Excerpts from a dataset
┌──
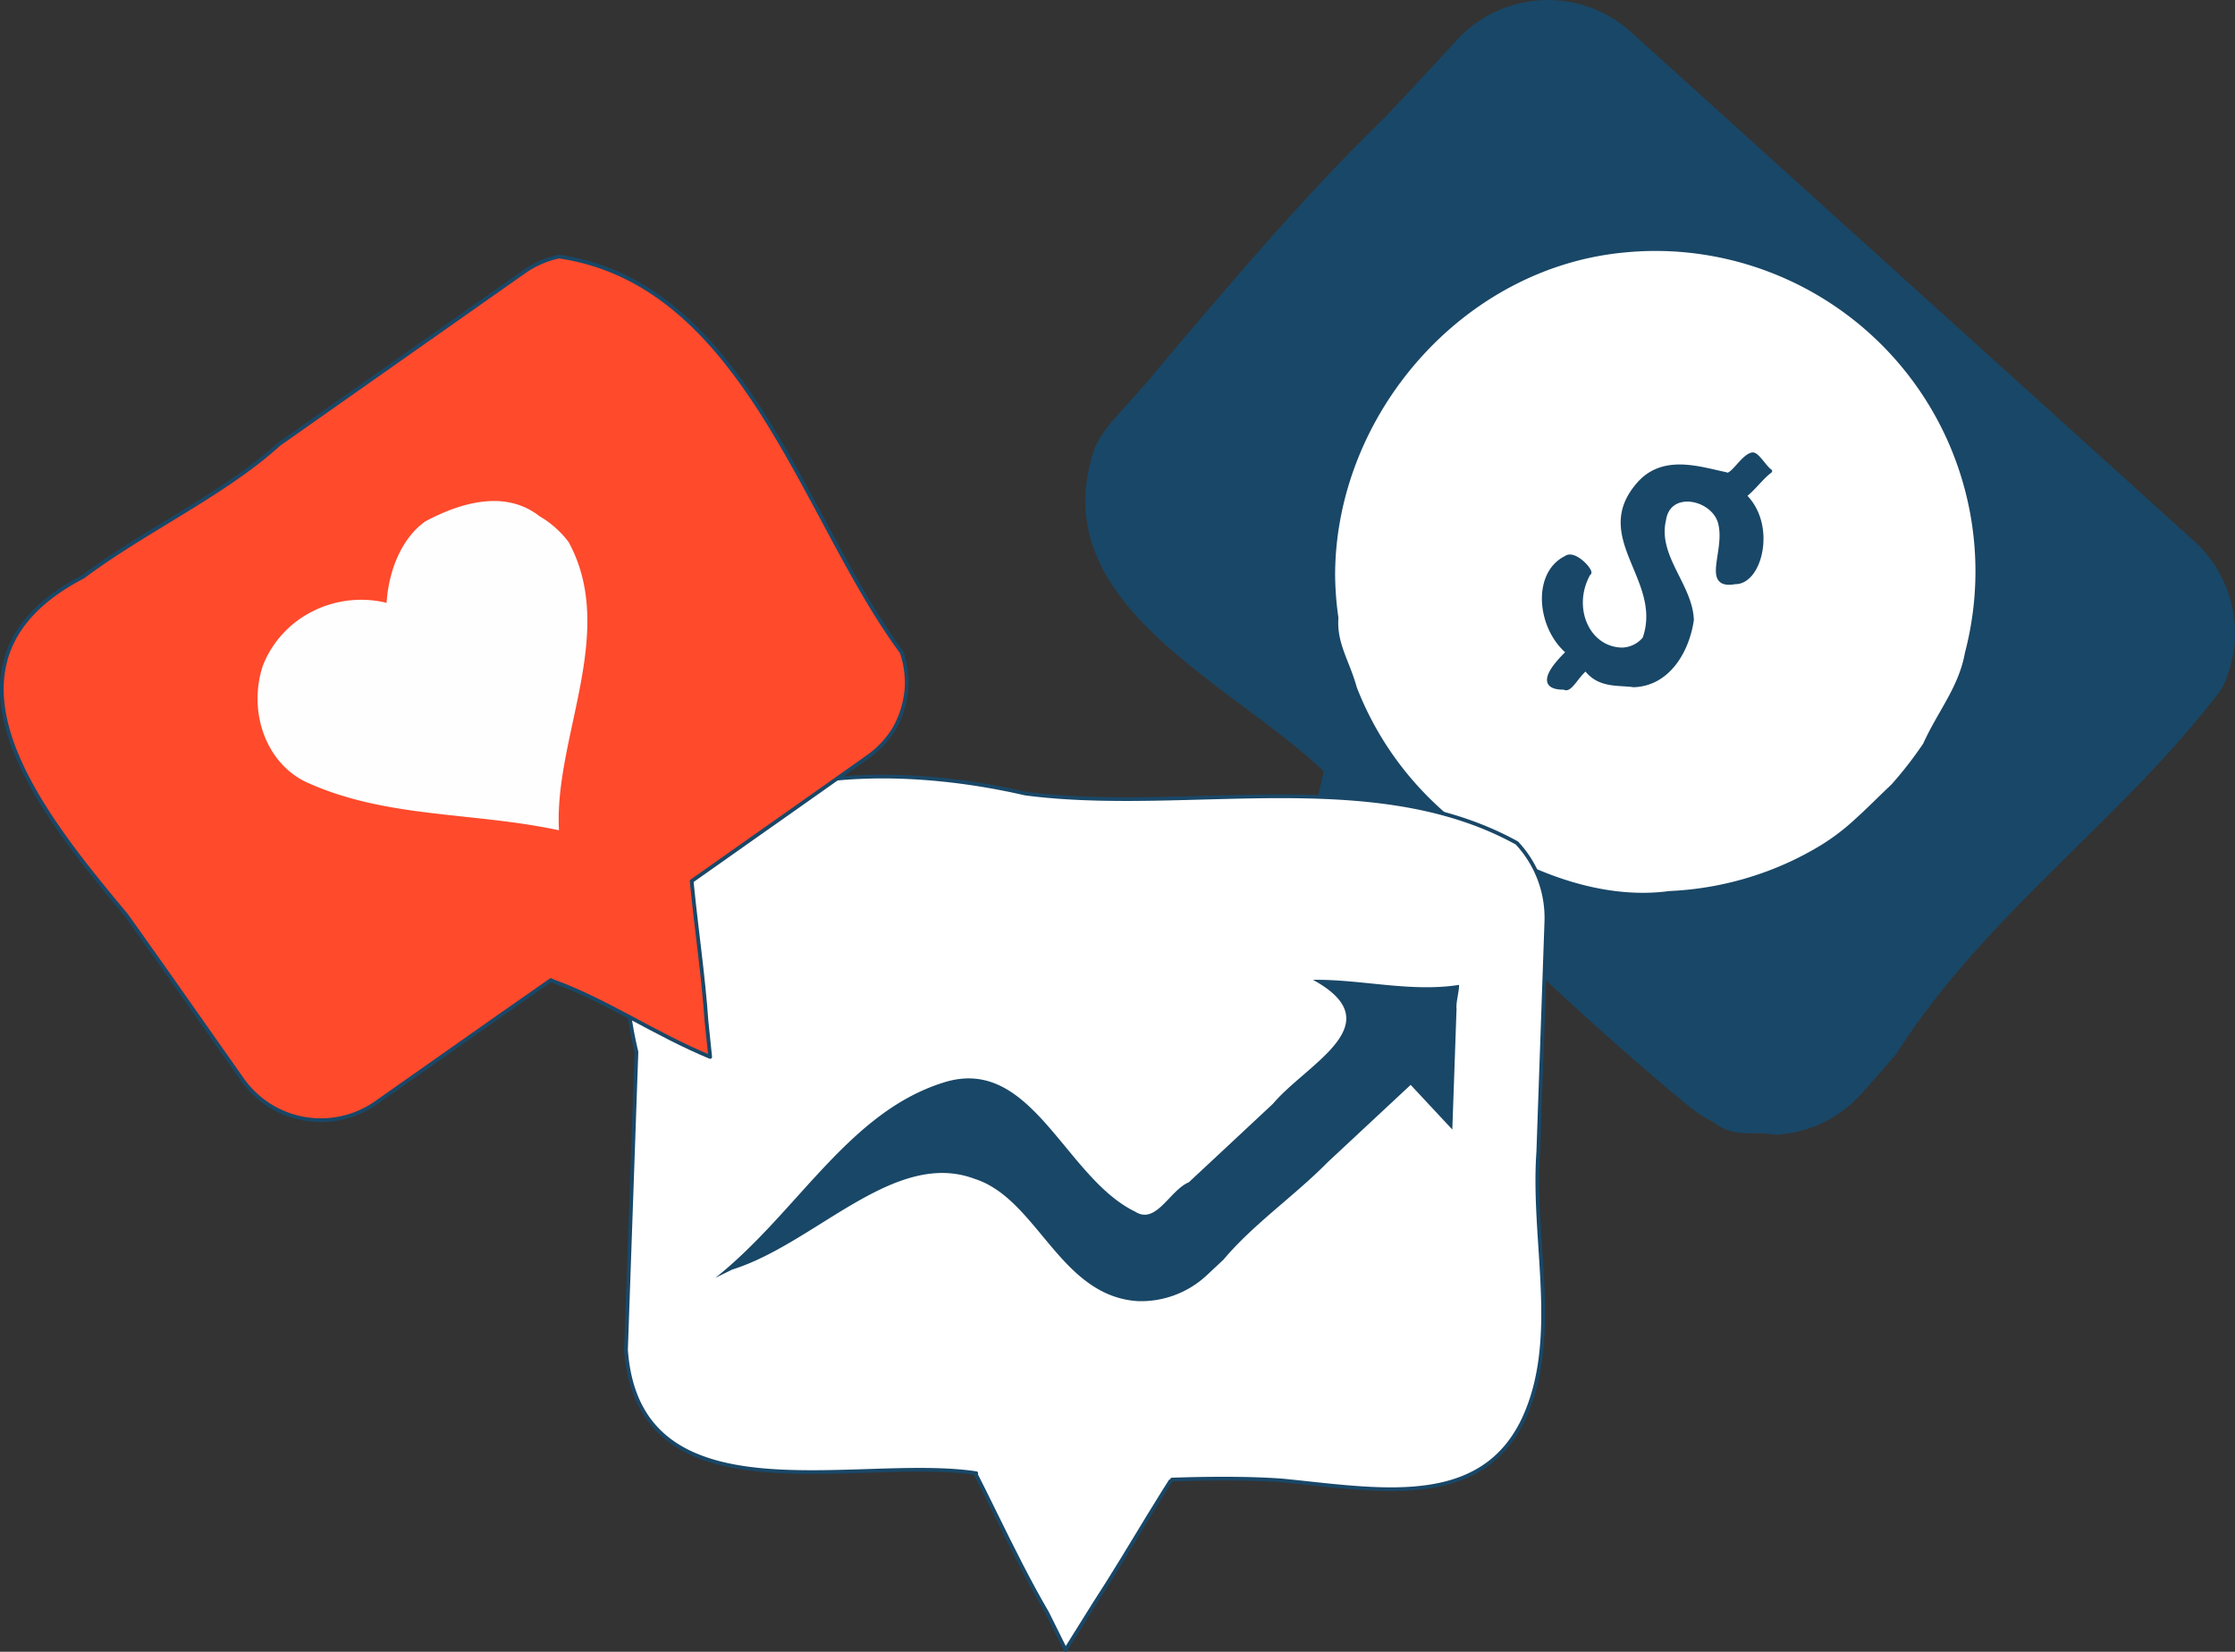 <?xml version="1.0" encoding="UTF-8"?>
<svg xmlns="http://www.w3.org/2000/svg" width="1014.692" height="749.943" viewBox="0 0 1014.692 749.943">
  <rect x="0" y="0" width="1014.692" height="749.943" fill="#333333" stroke="none"/>
  <g id="Marketing_Assets" data-name="Marketing Assets" transform="translate(-292.688 -425.027)">
    <path id="Path_1" data-name="Path 1" d="M870.28,870.46c5.54-19.44,10.59-38.64,15.31-57.85q2.355-9.6,4.62-19.23c4.1-16.28,7.94-32.84,9.59-49.01,2.59,1.8,5.57,5.81,8.38,7.32,4.49,4.06,10.78,9.75,17.97,16.25,14.38,13,32.35,29.24,46.72,42.24,4.79,4.33,9.18,8.31,12.9,11.68,1.64,6.65,11.21,9.47,11.21,9.47A480.067,480.067,0,0,1,893.6,864.15c-4.68,1.27-9.3,2.48-13.84,3.6-5.94,1.69-9.49,2.71-9.49,2.71Z" fill="#194767" stroke="#194767" stroke-linecap="round" stroke-linejoin="round" stroke-width="1.7"></path>
    <path id="Path_2" data-name="Path 2" d="M1058.49,925.41c-39.13-32.3-77.36-68.56-111.96-102.85q-5.4-5.19-10.85-10.29-10.905-10.215-22.03-20.12-7.41-6.6-14.92-13.07c-41.24-43.02-133.79-78.64-107.99-151a55.832,55.832,0,0,1,8.4-12.25s6.2-6.87,15.93-17.91q7.275-8.85,14.7-17.54c29.89-35.23,59.94-70.08,92.43-101.63q7.875-8.4,15.76-16.83c10.19-10.93,16.43-17.8,16.43-17.8a55.35,55.35,0,0,1,78.18-3.94l255.71,231.16a55.55,55.55,0,0,1,12.36,65.98c-44.53,59.03-107.16,101.98-147.76,165.78-9.68,11.27-15.89,18.14-15.89,18.14a55.16,55.16,0,0,1-24.34,15.66,55.735,55.735,0,0,1-13.93,2.51c-10.17-1.97-18.56,1.8-27.81-5.71a55.787,55.787,0,0,1-12.39-8.29Z" fill="#194767" stroke="#194767" stroke-linecap="round" stroke-linejoin="round" stroke-width="1.7"></path>
    <g id="coin">
      <path id="Path_3" data-name="Path 3" d="M1151.37,781.25c-5.84,5.49-11.12,10.91-16.76,15.97a99.086,99.086,0,0,1-18.92,13.72,141.993,141.993,0,0,1-20.52,9.58,145.58,145.58,0,0,1-44.61,9.07c-23.83,3.24-47.77-3.82-67-13.05a145.553,145.553,0,0,1-36.88-24.34,147.368,147.368,0,0,1-12.15-12.36,144.291,144.291,0,0,1-19.01-27.71,145.693,145.693,0,0,1-6.85-15.02c-3.23-11.88-9.2-19.88-8.33-31.56a144.082,144.082,0,0,1-1.51-19.43c.15-73.14,58.46-140.26,132.48-146.56a142.447,142.447,0,0,1,19.49-.45A145.475,145.475,0,0,1,1184.77,721.4c-2.8,15.64-12.22,26.4-18.93,41.2a173.568,173.568,0,0,1-14.49,18.67Z" fill="#fff"></path>
      <path id="Path_4" data-name="Path 4" d="M1039.27,714.88c4.63-13.29-1.28-24.7-5.77-35.8-2.24-5.55-4.13-11.02-4.17-16.62s1.78-11.3,6.94-17.33c5.61-6.67,12.66-8.5,19.77-8.35s14.3,2.26,20.18,3.48c2.59,1.8,7.61-8.16,12.01-8.95,2.2-.39,5.57,5.81,8.16,7.61-4,2.98-7.61,8.16-11.62,11.15,13.74,13.42,7.07,39.56-4.31,39.33-15.38,2.75-2.75-15.38-7.3-28.18-4.16-10.6-22.92-14.05-24.96-.07-3.84,16.56,12.09,29.59,12.65,45.37-2.04,13.97-10.67,29.12-26.45,29.68-6.99-1.02-15.78.55-21.74-7.45-4,2.98-7.22,10.36-9.81,8.56-13.58.16-4.16-10.6,1.65-16.17-6.67-5.61-10.54-14.56-10.91-23s2.75-16.36,10.05-19.93c4-2.98,12.56,6.82,10.36,7.21-8.63,15.15-.7,34.15,15.06,34.48a13.591,13.591,0,0,0,10.22-5Z" fill="#194767" stroke="#194767" stroke-linecap="round" stroke-linejoin="round" stroke-width="1.7"></path>
    </g>
    <path id="Path_5" data-name="Path 5" d="M776.46,1174.11q-4.215-8.535-8.38-16.86c-16.51-28.24-29.54-59.65-45.69-87.86,15.75-3.36,33.17,1.15,48.44,1.09,5.75.16,11.55.26,17.38.34,17.49.26,35.26.43,52.64,1.79-18.62,25.5-34.04,54.12-51.4,80.73-7.66,12.26-12.99,20.78-12.99,20.78Z" fill="#fff" stroke="#194767" stroke-linecap="round" stroke-linejoin="round" stroke-width="1.7"></path>
    <path id="Path_6" data-name="Path 6" d="M824.78,1096.8c14.79-.5,33.74-.74,49.67.39,7.26.7,14.61,1.55,21.91,2.29,36.5,3.67,71.79,4.45,88.12-30.3,16.9-36.53,3.7-80.57,6.6-121.27.18-5.22.36-10.43.54-15.6,1.63-46.48,3.11-88.74,3.11-88.74a49.778,49.778,0,0,0-13.38-35.8c-58.89-32.51-133.59-16.98-201.03-20.49-7.49-.39-14.9-1.01-22.18-1.97-93.35-21.5-205.21-2.7-176.51,117.32-.35,10.02-.72,20.45-1.08,30.88-1.22,34.78-2.44,69.56-3.12,88.88-.34,9.66-.54,15.46-.54,15.46,5.59,79.09,104.66,47.82,159,56.06" fill="#fff" stroke="#194767" stroke-linecap="round" stroke-linejoin="round" stroke-width="1.7"></path>
    <g id="arrow">
      <path id="Path_7" data-name="Path 7" d="M617.42,1005.25c37.46-29.73,60.55-75.81,104.59-89.01,39.32-11.56,54.24,43.51,86.01,58.89,9.55,6.19,15.66-9.67,24.39-13.31,4.91-4.57,10.03-9.35,14.68-13.68,9.29-8.67,16.67-15.57,16.67-15.57s2.74-2.55,6.84-6.38c15.5-18.38,54.74-36.25,18.17-56.3,22.1-.28,44.28,5.75,66.34,2.31.04,3.16-1.48,7.91-1.15,10.92-.21,6.08-.5,14.19-.78,22.31l-1.14,32.44-18.91-20.28-.8.75s-10.95,10.21-21.9,20.41c-5.47,5.1-10.95,10.21-15.05,14.03-14.83,15.1-33.61,27.97-47.25,44.19-4.49,4.2-7.49,7-7.49,7a43.743,43.743,0,0,1-31.45,11.81c-35.43-2.33-45.46-46.4-74-55.51-36.49-13.74-72.25,29.35-110.05,41.17-4.83,2.37-7.73,3.8-7.73,3.8Z" fill="#194767"></path>
    </g>
    <path id="Path_8" data-name="Path 8" d="M615.09,904.91c-25.36-10.5-46.8-25.43-70.78-34.19-14.01-6.63-24.41-11.45-24.41-11.45s5.27-3.71,13.19-9.28q25.17-18.24,49.33-34.7c12.51-8.8,21.93-15.43,21.93-15.43s1.01,11.44,2.52,26.9c2.12,21.31,5.11,41.05,6.55,61.74,1.03,9.87,1.69,16.4,1.69,16.4Z" fill="#ff4a2c" stroke="#194767" stroke-linecap="round" stroke-linejoin="round" stroke-width="1.7"></path>
    <path id="Path_9" data-name="Path 9" d="M606.69,825.08q11.91-8.385,23.85-16.82,7.095-5.01,14.21-10.01c14.2-10,28.3-19.96,41.89-29.58a43.149,43.149,0,0,0,11.9-12.57,44.009,44.009,0,0,0,5.71-18.17,42.721,42.721,0,0,0-2.24-16.83c-44.61-60.11-70.93-167.21-155.59-179.59a43.519,43.519,0,0,0-15.88,6.98s-46.71,32.86-97.32,68.47q-6.9,4.86-13.86,9.75c-19.72,17.95-46.47,32.01-71.07,47.86-6.15,3.96-12.16,8.04-17.9,12.33-75.18,39.03-18.26,108.17,19.67,153.67,6.61,9.25,13.19,18.56,19.35,27.28,18.47,26.25,33.24,47.25,33.24,47.25a43.656,43.656,0,0,0,60.83,10.58s18.92-13.31,45.72-32.16c3.83-2.69,7.82-5.5,11.94-8.39q10.8-7.53,21.65-15.13" fill="#ff4a2c" stroke="#194767" stroke-linecap="round" stroke-linejoin="round" stroke-width="1.7"></path>
    <path id="Path_10" data-name="Path 10" d="M550.79,671.05c22.45,41.06-6.66,88.89-4.33,130.95-38.62-8.29-77.57-5.42-113.29-21.22-19.41-8.17-28.09-32.1-21.21-53.34,8.71-22.53,33.18-34.31,56.24-28.71.87-14.27,6.67-29.29,17.62-37,15.89-8.46,36.17-14.57,51.82-2.31a44.488,44.488,0,0,1,13.14,11.64Z" fill="#fefefe"></path>
  </g>
</svg>
└──
TASK DETAILS
Across the data, pull every line containing the string "height".

ANSWER FOR THE TASK
<svg xmlns="http://www.w3.org/2000/svg" width="1014.692" height="749.943" viewBox="0 0 1014.692 749.943">
  <rect x="0" y="0" width="1014.692" height="749.943" fill="#333333" stroke="none"/>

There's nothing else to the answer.